The petition would strike references of homosexuality being incompatible with Christian teachings and would eliminate restrictions against practicing homosexuals being certified as candidates, ordained as ministers or appointed to serve in the church.
The petition would eliminate the performance of same-sex marriages from the list of offenses that would initiate a church trial.
During the heated debate, the Rev. Rob Schmutz, United Methodist Church at Park City, Kansas, spoke against the petition saying he would resign if it passed.
After the votes were tallied and the resolution approved, he surrendered his ministerial credentials to Bishop Scott Jones and left.
Striking, rewriting, staying the course
Conferences debated striking, leaving or rewriting the phrase “homosexuality is incompatible with Christian teaching” in the current Book of Discipline. The language was added at the 1972 General Conference.
Hope Hull United Methodist Church brought a resolution to the Alabama-West Florida Conference calling upon church leadership to “hold one another in mutual accountability to maintain the biblical and Disciplinary order of our connection.”
A Mississippi resolution will be forwarded to all active bishops encouraging all General Conference delegates to uphold the disciplinary language with regard to violations of the human sexuality standards.
Holston voted to “table indefinitely” a petition to delete language in Book of Discipline regarding homosexuality.
Baltimore-Washington, Virginia, Northern Illinois, Greater New Jersey and the Desert-Southwest conferences voted to delete language saying homosexuality is incompatible with Christian teaching from the Book of Discipline.
The Greater New Jersey Conference approved six resolutions concerning human sexuality. At the end of balloting, Bishop John Schol said, “I want other conferences to know us not for what we agree or disagree about, but because we love each other.”
The Desert-Southwest Conference proposed changes to paragraphs 161, Section F, Human Sexuality; 304, Qualifications for Ordination; 341, Unauthorized Conduct; and 806 Fiscal Responsibilities.
The conference stated: “(We) affirm that the foundations of the Judeo-Christian and Wesleyan traditions encourage God’s people to welcome all people into the full life and ministry of the Church, and that the history of our faith teaches that God’s grace is shown when the excluded or marginalized are welcomed and accepted fully into the Body of Christ.”
The Rev. Joseph DiPaolo, pastor of First United Methodist Church, Lancaster, Pennsylvania, urged the conference to demand clergy accountability and asked clergy to challenge those rules “only through legitimate channels of holy conferencing.” The resolution passed with 266 members voting yes, 166 voting no and 12 abstentions.
The Memphis Conference called for district dialogue on the inclusion of lesbian, gay, bisexual and transgender people in the life of the church. The Susquehanna Conference approved a petition to welcome LGBTQ people into the church.

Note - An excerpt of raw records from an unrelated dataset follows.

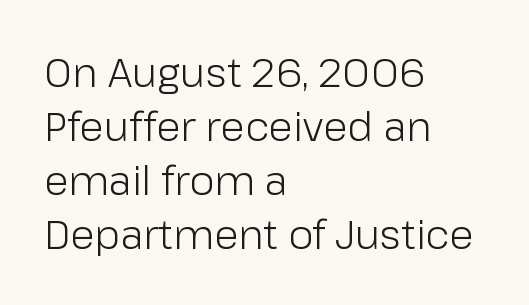
Q: Is the text bold? A: No.
Q: Is the text italic (slanted)? A: No, it is upright.
Q: Is the typeface a serif or a sans-serif typeface? A: Sans-serif.
Q: Is the text underlined? A: No.
Q: How is the paragraph aligned? A: Left-aligned.
Q: Is the spacing between letters normal or unusually wide? A: Normal.
Q: Is the spacing between lines tight, normal or loose? A: Normal.
Q: Width (condensed, normal, or wide)? A: Normal.
Q: Stroke contrast? A: Low.
Q: x-height? A: Medium.
Q: Monospaced? A: No.

The Florida Conference encouraged a just resolution process instead of church trials for resolving complaints against ordained pastors who officiate at same-sex weddings or congregations that host them.
Reducing harm to LGBTQ teens
In adopting a resolution regarding reducing harm for LGBTQ teens, two pastors in the North Alabama Conference worked together to write the petition saying it was not about homosexuality but was about families and responding to people in difficult situations.

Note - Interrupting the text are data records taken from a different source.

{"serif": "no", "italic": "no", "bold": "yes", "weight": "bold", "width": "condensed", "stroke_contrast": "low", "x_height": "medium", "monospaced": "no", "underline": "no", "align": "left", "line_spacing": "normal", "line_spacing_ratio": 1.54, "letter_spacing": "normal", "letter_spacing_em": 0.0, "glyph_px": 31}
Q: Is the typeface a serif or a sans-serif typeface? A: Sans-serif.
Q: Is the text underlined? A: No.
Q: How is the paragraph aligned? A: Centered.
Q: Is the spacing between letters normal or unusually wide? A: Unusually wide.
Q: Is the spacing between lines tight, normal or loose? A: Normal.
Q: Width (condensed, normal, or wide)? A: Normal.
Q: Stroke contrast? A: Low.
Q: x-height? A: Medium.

The Revs. John Kearns and Dave Barnhart said they worked to find language that would represent a common ground to which opposing positions could agree. The goal was to improve long-term health outcomes for teens and young adults who self-identify as lesbian, gay, bisexual, transgender, or questioning/queer.
The resolution “implores families and churches not to reject or condemn lesbian and gay members and friends.”
In a statement about their work, the pastors said, “We fully realize that our disagreements about psychology, Scripture, theology and ethics are real and deep. However, we believe that we can have relationships of Christian love despite these differences.”